1, 2 are watched by 3, 4, 5

6, 7, 8 are watched by 9, 10, 11

Day 4:

3, 4, 5 are watched by 1, 2

9, 10, 11 are watched by 6, 7, 8

Day 5:

1 is watched by 2

3 is watched by 4, 5

6 is watched by 7, 8

9 is watched by 10, 11

Day 6:

2 is watched by 1

4 is watched by 3, 5

7 is watched by 6, 8

10 is watched by 9, 11

Day 7:

5 is watched by 3, 4

8 is watched by 6, 7

11 is watched by 9, 10

This is the best I can come up with. In the later days, groups would be able to watch groups they've already seen of course. Eg, by day 7, groups 1 and 2 have seen every performance and been seen by every performance so they may as well go home.

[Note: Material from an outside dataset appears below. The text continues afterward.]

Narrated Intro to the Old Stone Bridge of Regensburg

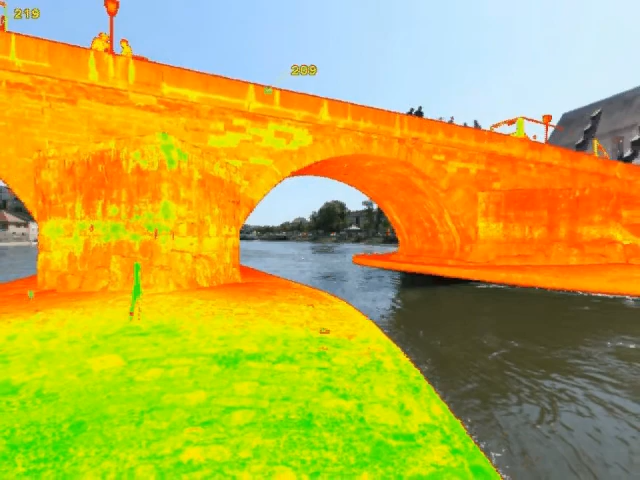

This answer doesn't feel quite as efficient as it could be so I figure someone might be able to find an answer for 6 days but that would be as low as it would go.

Super Close!

[Guest]

Six seems to be the minimum

Group1 performs on days 1 and 2

Group2 performs on days 1 and 3

Group3 performs on days 1 and 4

Group4 performs on days 1 and 5

Group5 performs on days 2 and 3

Group6 performs on days 2 and 4

Group7 performs on days 2 and 5

Group8 performs on days 3 and 4

Group9 performs on days 3 and 5

Group10 performs on days 4 and 5

Group11 performs on day 6

All groups are able to preform for all the others in six days.

It was six. Nice job!

Edited December 22, 2008 by Riddle Master Zack

[bonanova]

That solutions fits these answers:

None of the the performances of a given day are simultaneous.

No group performs more than once a day.

No group performs and watches on the same day.

[Guest]

That solutions fits these answers:

None of the the performances of a given day are simultaneous.

No group performs more than once a day.

No group performs and watches on the same day.

Yes that's right sorry i didn't clarify.